Lo más preocupante de una crisis no es la crisis, sino que parte de ella sea la incapacidad para enfrentarla y superarla. Está ocurriendo en Colombia. Pocos niegan la gravedad del pantano en que nos hundimos, pero la confusión de la dirigencia instalada en el poder nos sepulta cada vez más en la ciénaga.
El Gobierno parece a veces una pachanga: el Comisionado de Paz lanza mensajes políticos a los partidos; el Ministro del Interior le revira; el Comandante de la Policía perora sobre conflictos internacionales; el Ministro de Agricultura encabeza la oposición al despeje humanitario y lidera la reelección presidencial; el presidente Álvaro Uribe repudia en público "todo lo que nos lance a la incertidumbre", aunque mantiene en la incertidumbre la tercera elección. Luego, para completar el ajiaco de señales, se arroja por un tobogán acuático, como cualquier colegial, y no sabemos si la húmeda peripecia es metáfora de su administración o sugerencia de que aquí no pasa nada y hay que divertirse.
En medio de las caóticas contradicciones brota una enrarecida atmósfera autoritaria. El Presidente se lía a bofetadas verbales con el abogado de un magistrado al que acusó, se multiplica el juego sucio de diversa procedencia y abundan las descalificaciones a opositores del Gobierno, como el peligroso señalamiento personal que acaban de hacer Uribe y sus asesores a los ya amenazados Gustavo Petro, Iván Cepeda y León Valencia. Ignoramos si los desvaríos de algunos gladiadores uribistas son producto del delirio político extremo o encarnan mensajes oficiales enviados por interpuesta persona. Observadores que se ganaron el respeto de la opinión por sus serenos antecedentes en el campo del análisis, como Alfredo Rangel, hoy proponen cosas aterradoras. El domingo, en su columna de EL TIEMPO, Rangel atribuyó al periodista Daniel Coronell parte de la responsabilidad del posible cohecho que permitió a altos funcionarios conseguir el voto de Yidis Medina para aprobar la reforma constitucional de la reelección. Como es sabido, la congresista concedió a Coronell unas declaraciones donde relataba el episodio, pero exigió que no lo revelara a menos que ella lo autorizase o sufriese algún percance. Honró el compromiso Coronell, en actuación que no rasguña en lo más mínimo la ética profesional, y solo cuando Yidis decidió hacer públicas sus palabras, divulgó Coronell el testimonio.
Ahora propone Rangel una medida insólita: "En estos tiempos tan agitados, y sobre todo ante la presencia de un crimen, creo que va siendo hora de revisar el decimonónico carácter absoluto y ponerle ciertos límites al secreto de la confesión religiosa, a la reserva médica y a la protección de las fuentes periodísticas". Para mi pasmo, desde la otra orilla, la politóloga Claudia López también pretende que los periodistas revelemos quiénes nos suministran informaciones veraces, dizque para "proteger la estabilidad institucional" (¡!).
En otras palabras, que, a conveniencia del interesado de turno, pueda obligarse a un cura a divulgar los pecados de quien pasó por el confesionario, a un médico las circunstancias en que atendió a un paciente y a un periodista la identidad de una fuente.

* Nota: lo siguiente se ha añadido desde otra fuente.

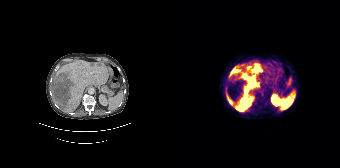
Findings: Coordinates are on the 168×168 PET (right) panel. PSMA-avid tumor lesion bounding boxes (x0, y0)-(x1, y1): (54, 89)-(82, 111) / (57, 66)-(87, 87) / (74, 62)-(89, 73).
Technique: Left: CT. Right: PSMA PET, same axial level, [68Ga]Ga-PSMA-11 tracer. slice 113 of 195.
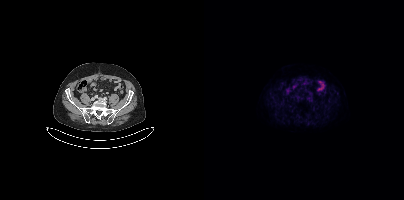
This slice has no annotated PSMA-avid lesion.
modality: PSMA PET/CT | tracer: [18F]PSMA-1007 | view: axial | PET grid: 200×200
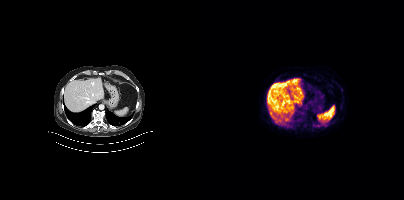
{"modality":"PSMA PET/CT","view":"axial","tracer":"18F","pet_grid":[200,200],"coord_frame":"pet_panel","coord_format":"x0,y0,x1,y1","psma_avid_lesions":false}
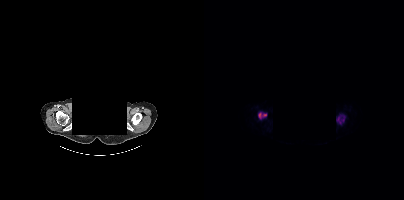
Findings: Coordinates are on the 200×200 PET (right) panel. PSMA-avid tumor lesion bounding boxes (x, y, width, height): x=132 y=115 w=9 h=9 | x=54 y=112 w=9 h=7.
Technique: Left: CT. Right: PSMA PET, same axial level, [18F]PSMA-1007 tracer.
Note: Head region blanked for anonymization (face removed).
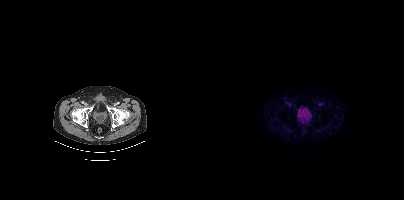
{"modality":"PSMA PET/CT","view":"axial","tracer":"18F-PSMA","pet_grid":[200,200],"coord_frame":"pet_panel","coord_format":"x0,y0,x1,y1","psma_avid_lesions":false}
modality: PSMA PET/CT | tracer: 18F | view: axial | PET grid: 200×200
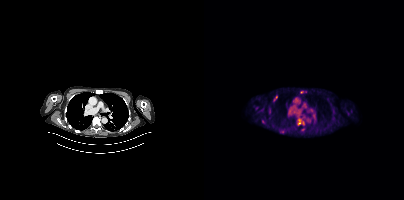
Coordinates are on the 200×200 PET (right) panel. (showing 1 of 3 foci) PSMA-avid tumor lesion bounding box (x, y, width, height): x=94 y=122 w=7 h=3.
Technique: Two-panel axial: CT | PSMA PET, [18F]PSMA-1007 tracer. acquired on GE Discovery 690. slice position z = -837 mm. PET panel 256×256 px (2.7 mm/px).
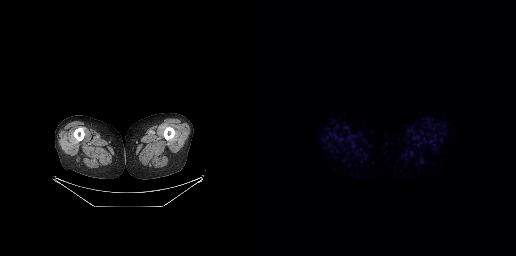
Findings: No PSMA-avid tumor lesions on this slice.
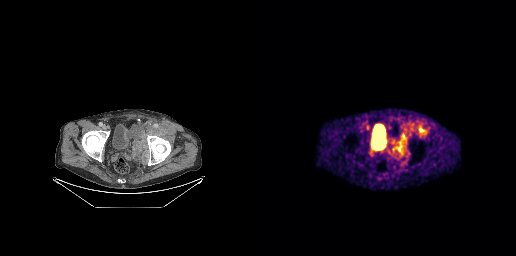
Coordinates are on the 256×256 PET (right) panel. PSMA-avid tumor lesion bounding boxes (x, y, width, height): x=133 y=135 w=16 h=22; x=155 y=124 w=13 h=12.

Por esa vía podría aconsejarse la liquidación del secreto profesional del abogado, la reserva del sumario y derechos elementales como recibir asistencia jurídica o no denunciar a los familiares más cercanos. Ya que los tiempos andan "tan agitados" (hace poco Rangel daba a entender lo contrario), también podría parecer un poco decimonónico el hábeas corpus y no estaría mal acabar de una vez con él. De pronto hasta podríamos copiar la doctrina de Bush, que autoriza torturas y permite detenciones en condiciones inhumanas. Lo que falta es imaginación, señores...
Malos vientos soplan desde el entorno del Gobierno; vientos inquietantes, que arrecian a medida que la crisis se ahonda.